Recognizing that not every user needs enterprise-scale deployment, the team introduced AReaL-lite: a lightweight, algorithm-first version with 80% less code but 90% of AReaL’s core functionality. AReaL-lite is ideal for rapid prototyping, academic research, or small-team experimentation. It retains full asynchronous RL support while offering an intuitive API for customizing reward functions, multi-turn agent workflows, and dataset pipelines—all in a single file.

Ideal Use Cases

AReaL excels in scenarios where reasoning quality and training efficiency are both critical:

Mathematical reasoning agents: Train models on GSM8K or similar datasets using GRPO or PPO with self-correction loops.
Code generation and debugging: Optimize agents that write, test, and refine programs through iterative feedback.
Search and browsing agents: Build end-to-end systems like ASearcher, which combines reasoning, web navigation, and summarization.
Tool-integrated agents: Deploy models that dynamically invoke external APIs or functions during inference.
Large-scale RL experiments: Scale training from a single node to 1,000+ GPUs with minimal configuration changes.

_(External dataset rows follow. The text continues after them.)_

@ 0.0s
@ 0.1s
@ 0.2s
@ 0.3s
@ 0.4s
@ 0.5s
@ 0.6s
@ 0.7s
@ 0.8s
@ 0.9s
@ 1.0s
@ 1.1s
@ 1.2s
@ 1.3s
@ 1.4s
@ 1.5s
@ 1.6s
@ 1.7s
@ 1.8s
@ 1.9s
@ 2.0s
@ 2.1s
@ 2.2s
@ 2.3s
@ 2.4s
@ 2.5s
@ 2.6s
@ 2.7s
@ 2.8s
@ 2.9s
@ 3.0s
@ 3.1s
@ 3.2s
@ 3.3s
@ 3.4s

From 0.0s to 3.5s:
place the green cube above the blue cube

Note: AReaL is not designed for standard supervised fine-tuning (SFT) or generic text generation. It’s purpose-built for reinforcement learning on reasoning-intensive tasks.

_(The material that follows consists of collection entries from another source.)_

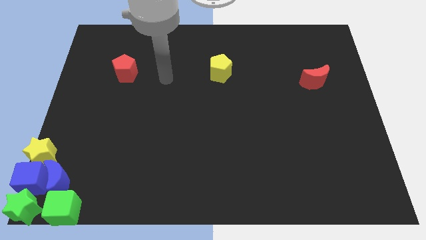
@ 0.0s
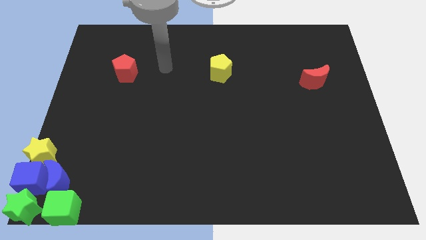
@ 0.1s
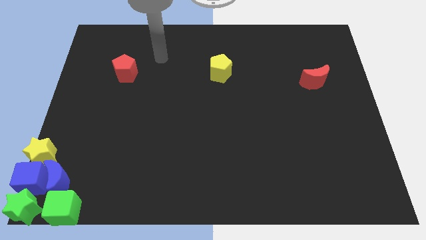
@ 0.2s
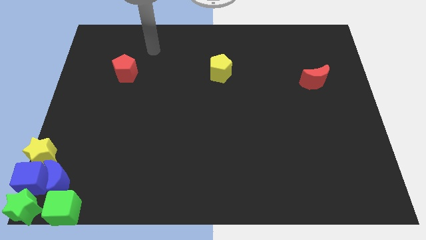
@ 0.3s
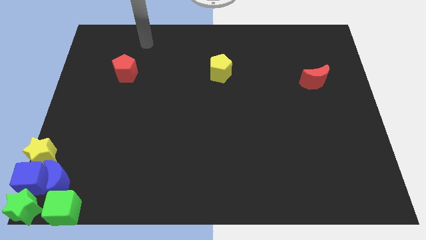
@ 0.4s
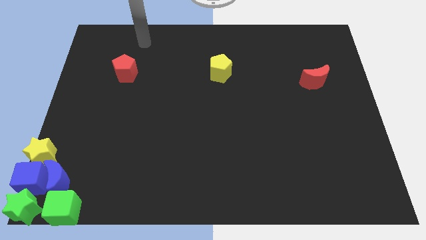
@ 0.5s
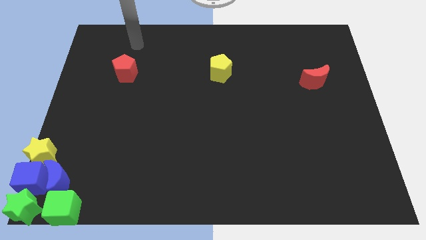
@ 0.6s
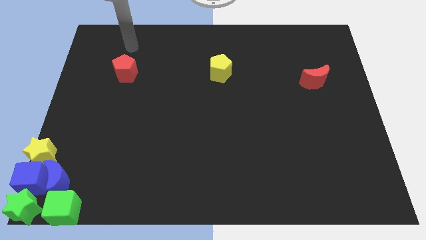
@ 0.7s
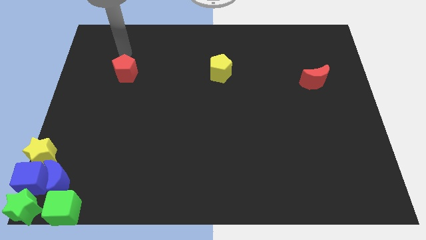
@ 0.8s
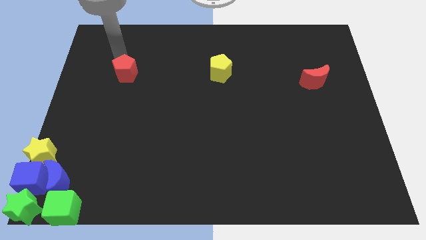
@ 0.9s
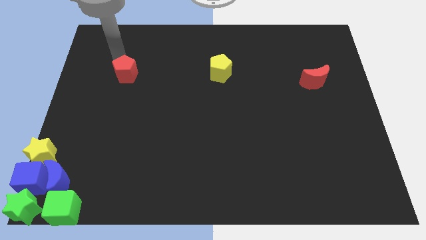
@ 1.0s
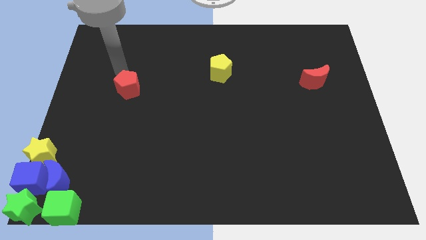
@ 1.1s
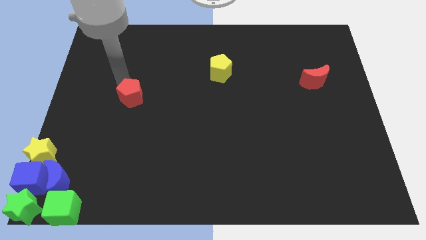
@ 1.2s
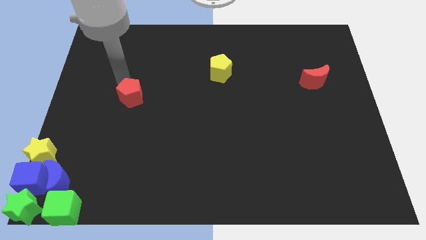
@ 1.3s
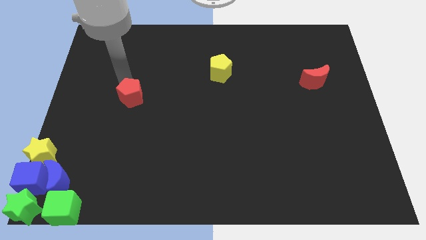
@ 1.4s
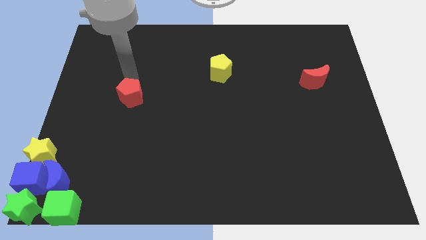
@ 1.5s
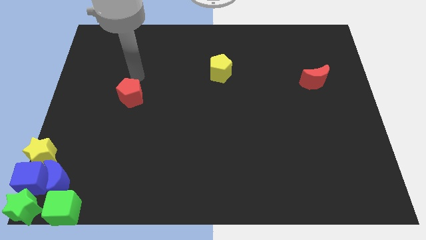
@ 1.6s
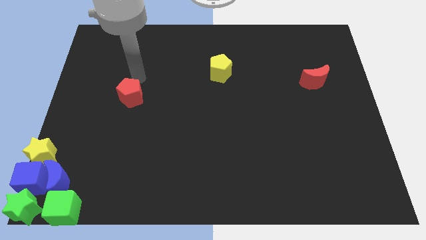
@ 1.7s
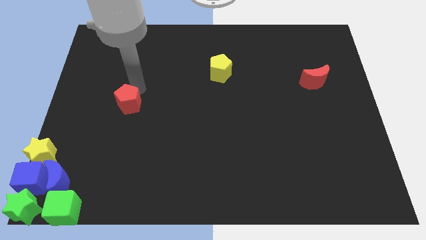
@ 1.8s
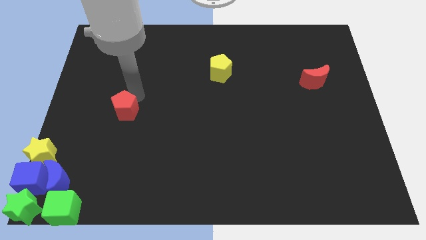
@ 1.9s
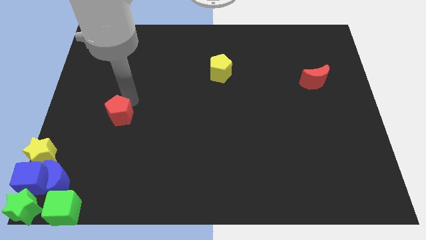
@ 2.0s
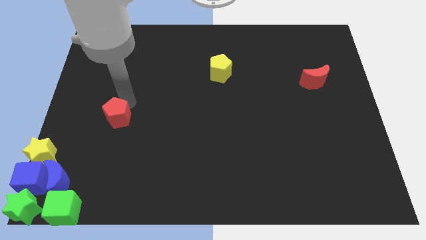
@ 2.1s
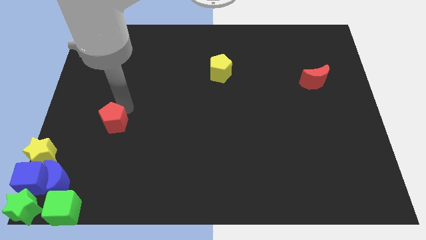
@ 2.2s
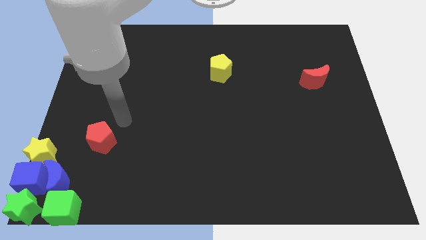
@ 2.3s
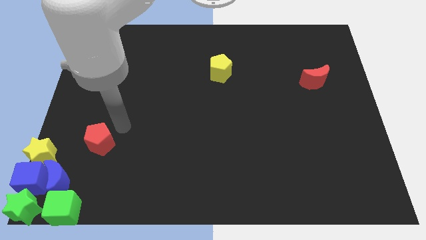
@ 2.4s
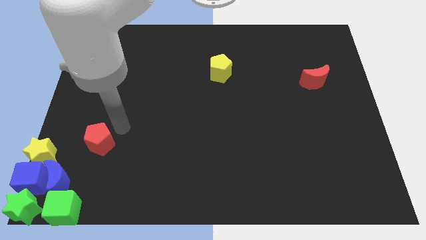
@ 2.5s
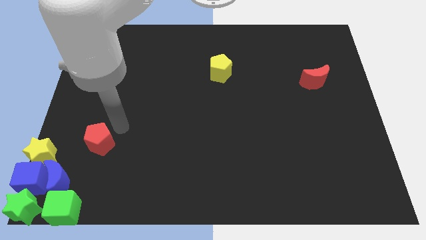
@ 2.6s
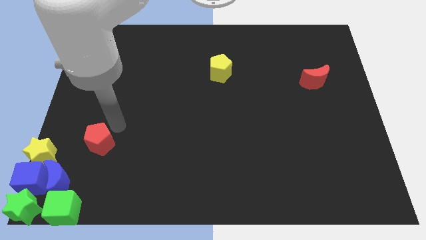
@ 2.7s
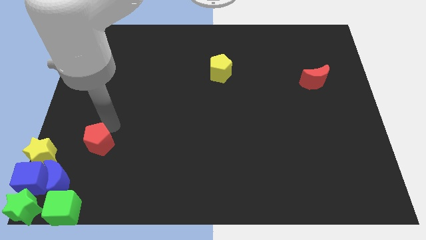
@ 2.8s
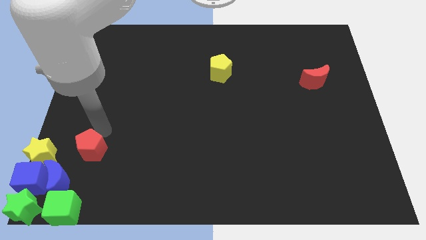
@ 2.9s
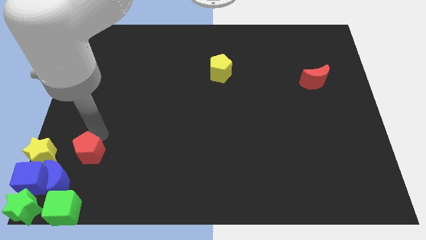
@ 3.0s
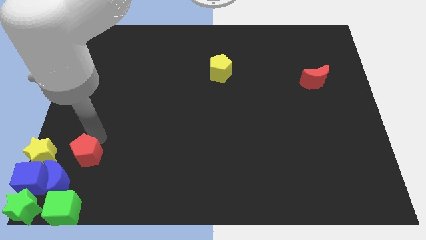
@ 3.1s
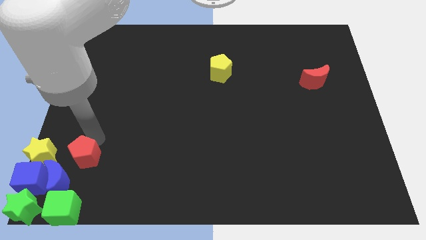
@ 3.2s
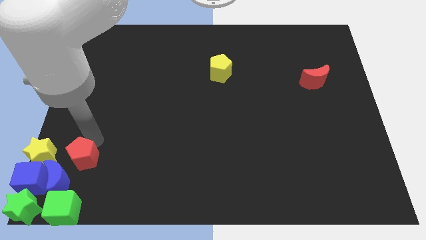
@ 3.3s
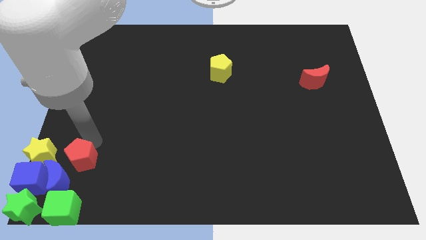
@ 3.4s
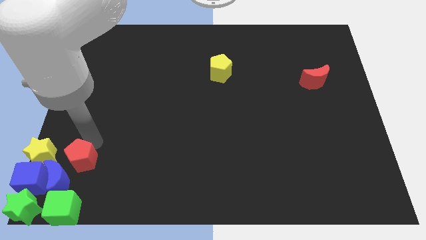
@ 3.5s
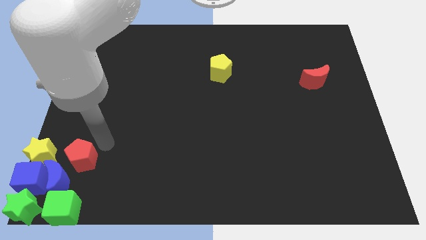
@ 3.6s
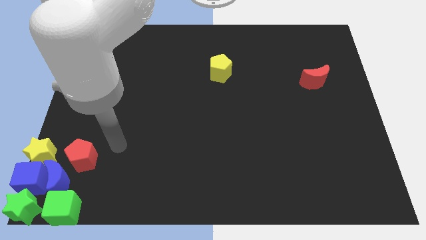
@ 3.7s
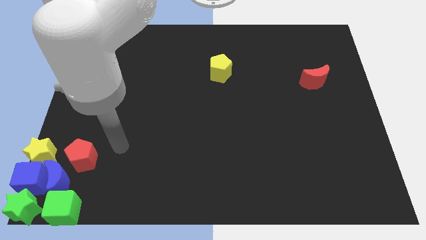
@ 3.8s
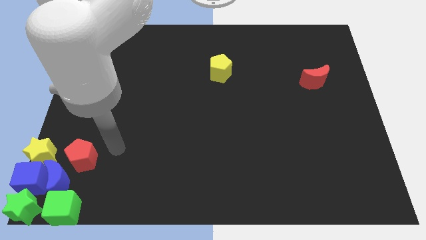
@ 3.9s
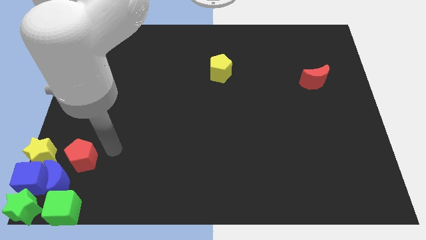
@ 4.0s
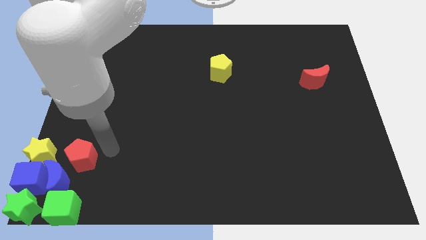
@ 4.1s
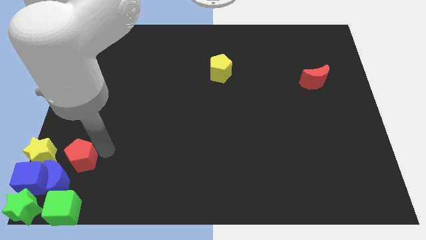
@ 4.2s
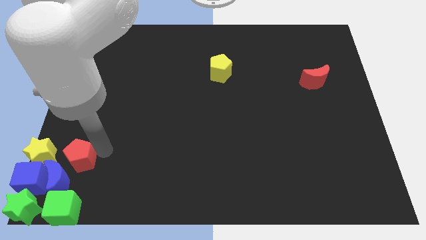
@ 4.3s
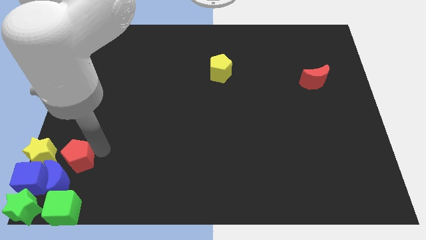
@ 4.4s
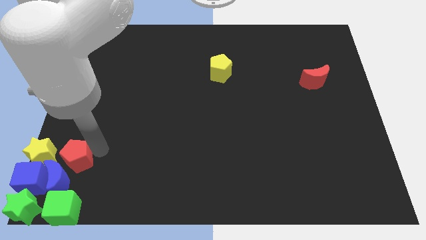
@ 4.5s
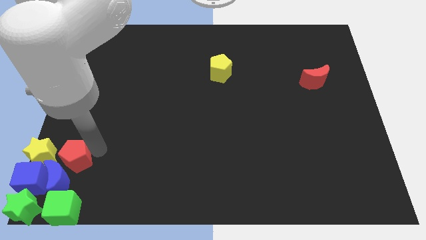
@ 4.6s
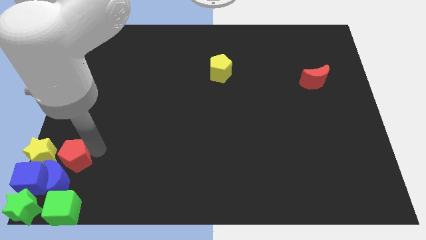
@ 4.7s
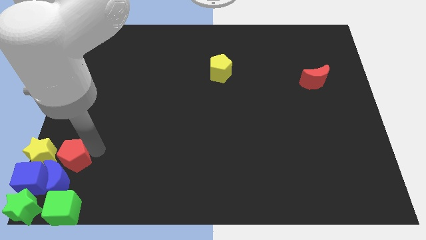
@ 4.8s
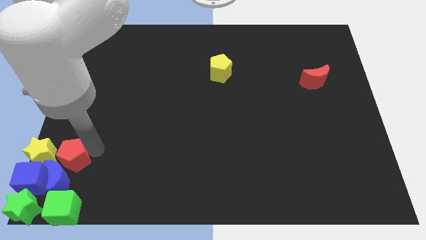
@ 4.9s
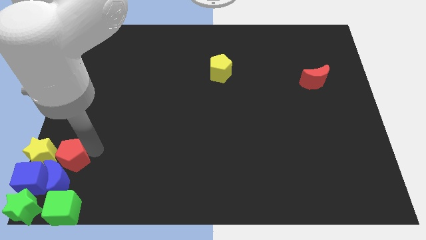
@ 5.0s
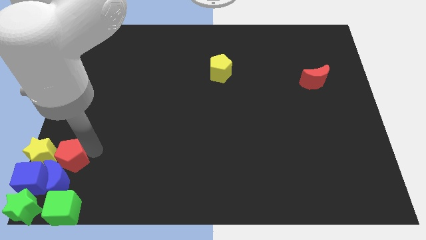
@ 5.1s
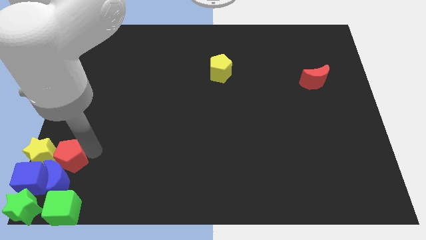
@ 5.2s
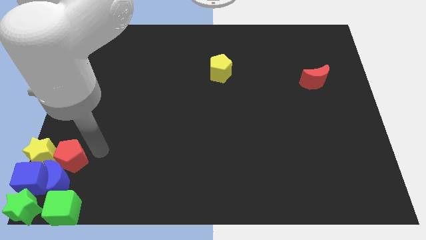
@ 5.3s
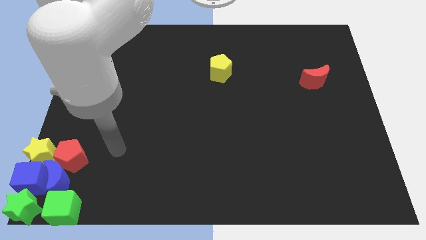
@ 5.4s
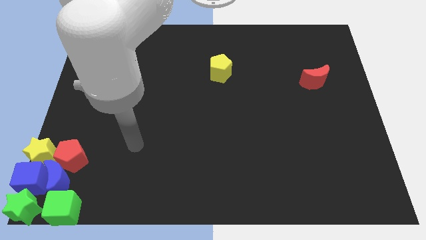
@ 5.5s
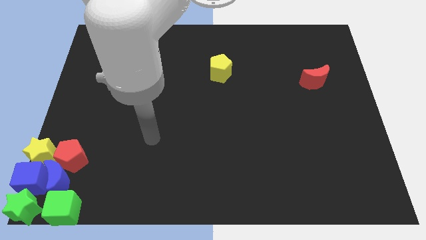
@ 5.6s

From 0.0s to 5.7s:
push red pentagon to left bottom of the board

Getting Started: From Laptop to Cluster

AReaL lowers the barrier to entry with ready-to-run examples. To train a math agent on GSM8K using GRPO on a single machine:

python3 -m areal.launcher.local examples/math/gsm8k_rl.py --config examples/math/gsm8k_grpo.yaml

For distributed training across a Ray cluster (e.g., 2 nodes × 8 GPUs):

python3 -m areal.launcher.ray examples/math/gsm8k_rl.py --config examples/math/gsm8k_grpo.yaml cluster.n_nodes=2 cluster.n_gpus_per_node=8

The system automatically downloads the Qwen2-1.5B-Instruct model and GSM8K dataset. For newcomers, the AReaL-lite quickstart guide is the recommended onboarding path.

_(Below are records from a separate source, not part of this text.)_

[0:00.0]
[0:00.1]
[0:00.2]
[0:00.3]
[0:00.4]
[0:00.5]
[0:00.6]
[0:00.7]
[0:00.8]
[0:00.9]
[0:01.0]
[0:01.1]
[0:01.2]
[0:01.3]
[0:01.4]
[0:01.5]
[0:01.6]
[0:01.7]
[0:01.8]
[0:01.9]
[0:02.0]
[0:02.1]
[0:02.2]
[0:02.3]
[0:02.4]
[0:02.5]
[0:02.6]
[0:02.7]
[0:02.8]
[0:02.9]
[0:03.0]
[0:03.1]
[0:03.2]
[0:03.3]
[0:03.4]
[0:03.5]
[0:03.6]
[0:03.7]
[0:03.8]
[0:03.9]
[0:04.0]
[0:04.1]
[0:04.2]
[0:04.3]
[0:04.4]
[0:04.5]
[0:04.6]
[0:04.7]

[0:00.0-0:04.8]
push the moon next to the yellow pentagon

Limitations and Practical Considerations

While powerful, AReaL isn’t a one-size-fits-all solution:

RL expertise required: Users should understand core concepts like advantage estimation, reward shaping, and policy gradients. AReaL doesn’t abstract away RL fundamentals.
Not for SFT-only workflows: If your goal is purely supervised tuning, other frameworks may be more appropriate.
Model compatibility: Full support depends on your Hugging Face Transformers version and backend choice (e.g., vLLM, SGLang). Custom or non-standard architectures may require additional integration effort.
Configuration overhead: Although AReaL-lite simplifies prototyping, production deployments across large clusters demand careful tuning of worker ratios and data pipelines to control staleness.

Summary

AReaL solves a critical bottleneck in large-scale RL for reasoning LLMs: the inefficiency of synchronous training. By enabling fully asynchronous data generation and model updates, it unlocks unprecedented training speed while maintaining—or even improving—final agent performance. With strong support for multi-turn agentic workflows, diverse RL algorithms, and scalable infrastructure, AReaL is a compelling choice for teams serious about building next-generation reasoning agents. Whether you’re a researcher prototyping with AReaL-lite or an engineer deploying thousand-GPU training jobs, AReaL offers a robust, open-source path forward.